Self-Renewal and Pluripotency Acquired through Somatic Reprogramming to Human Cancer Stem Cells

Human induced pluripotent stem cells (iPSCs) are reprogrammed by transient expression of transcription factors in somatic cells. Approximately 1% of somatic cells can be reprogrammed into iPSCs, while the remaining somatic cells are differentially reprogrammed. Here, we established induced pluripotent cancer stem-like cells (iCSCs) as self-renewing pluripotent cell clones. Stable iCSC lines were established from unstable induced epithelial stem cell (iESC) lines through re-plating followed by embryoid body formation and serial transplantation. iCSCs shared the expression of pluripotent marker genes with iPSCs, except for REX1 and LIN28, while exhibited the expression of somatic marker genes EMP1 and PPARγ. iESCs and iCSCs could generate teratomas with high efficiency by implantation into immunodeficient mice. The second iCSCs isolated from dissociated cells of teratoma from the first iCSCs were stably maintained, showing a gene expression profile similar to the first iCSCs. In the first and second iCSCs, transgene-derived Oct4, Sox2, Klf4, and c-Myc were expressed. Comparative global gene expression analyses demonstrated that the first iCSCs were similar to iESCs, and clearly different from human iPSCs and somatic cells. In iCSCs, gene expression kinetics of the core pluripotency factor and the Myc-related factor were pluripotent type, whereas the polycomb complex factor was somatic type. These findings indicate that pluripotent tumorigenicity can be conferred on somatic cells through up-regulation of the core pluripotency and Myc-related factors, prior to establishment of the iPSC molecular network by full reprogramming through down-regulation of the polycomb complex factor.

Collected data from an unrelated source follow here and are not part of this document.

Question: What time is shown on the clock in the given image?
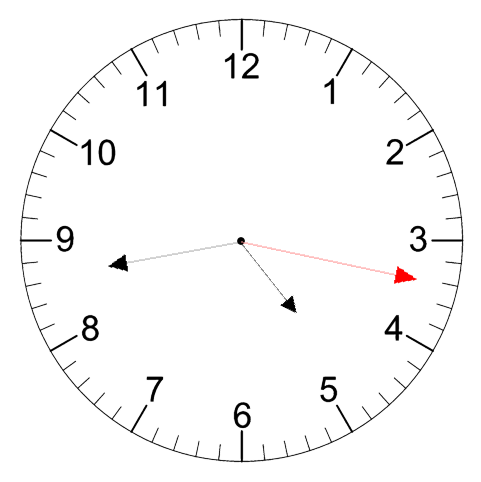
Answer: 04:43:17
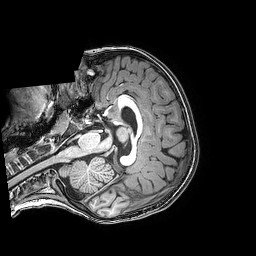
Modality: T1w
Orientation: axial
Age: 6
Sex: male
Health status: healthy
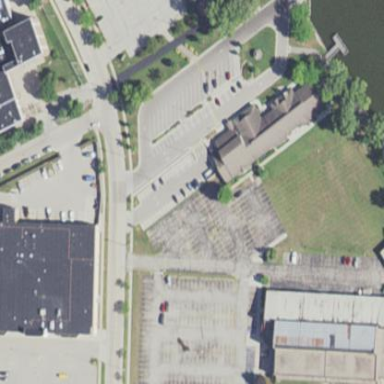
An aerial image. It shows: Parking area with surface.
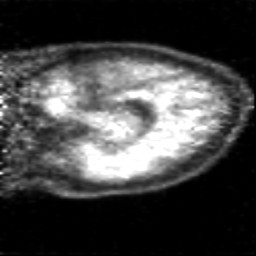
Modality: PET
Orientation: sagittal
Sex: male
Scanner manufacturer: siemens
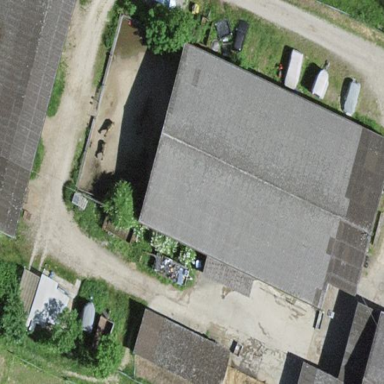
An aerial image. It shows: Stable.
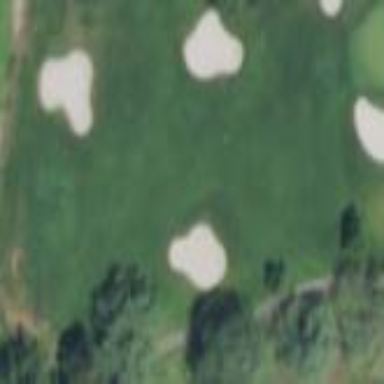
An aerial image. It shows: Grassy golf fairway.
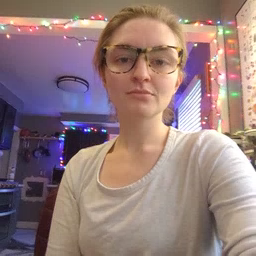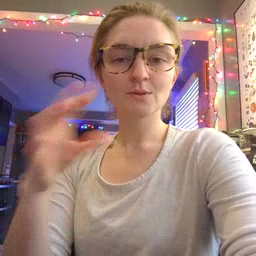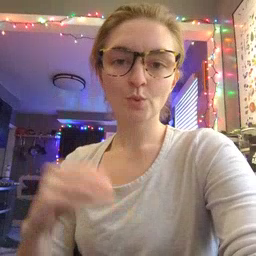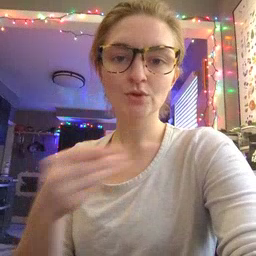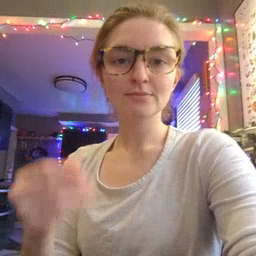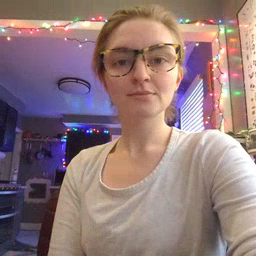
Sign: story
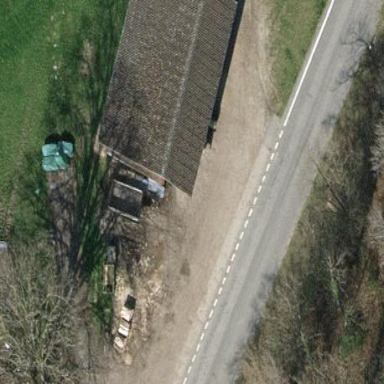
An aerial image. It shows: Farm building.
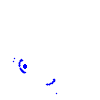
Particle: kaon
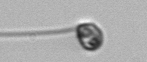
Label: flagellate

人类诱导多能干细胞（human induced pluripotent stem cells，iPSCs）可通过在体细胞中瞬时表达转录因子实现重编程。仅约1%的体细胞可被重编程为iPSCs，其余体细胞则发生异常重编程。本研究中，我们构建了诱导多能癌干细胞样细胞（induced pluripotent cancer stem-like cells，iCSCs），其为可自我更新的多能细胞克隆。稳定的iCSC细胞系可从不稳定的诱导上皮干细胞（induced epithelial stem cell，iESC）细胞系中获得：先进行细胞再接种，随后形成拟胚体，再经连续移植。iCSCs与iPSCs共享多能标志物基因的表达谱，仅REX1与LIN28除外；同时，iCSCs可表达体细胞标志物基因EMP1与PPARγ。iESCs与iCSCs均可通过植入免疫缺陷小鼠体内，高效形成畸胎瘤。从第一代iCSCs形成的畸胎瘤解离细胞中分离得到的第二代iCSCs可稳定传代，其基因表达谱与第一代iCSCs相似。在第一代与第二代iCSCs中，均表达转基因来源的Oct4、Sox2、Klf4及c-Myc。全基因表达谱比较分析显示，第一代iCSCs与iESCs相似，且与人类iPSCs及体细胞存在显著差异。在iCSCs中，核心多能性因子与Myc相关因子的基因表达动力学呈多能型，而多梳复合体因子则呈体细胞型。上述研究结果表明：在通过下调多梳复合体因子完成完全重编程以建立iPSCs分子网络之前，可通过上调核心多能性因子与Myc相关因子，使体细胞获得多能性致瘤性。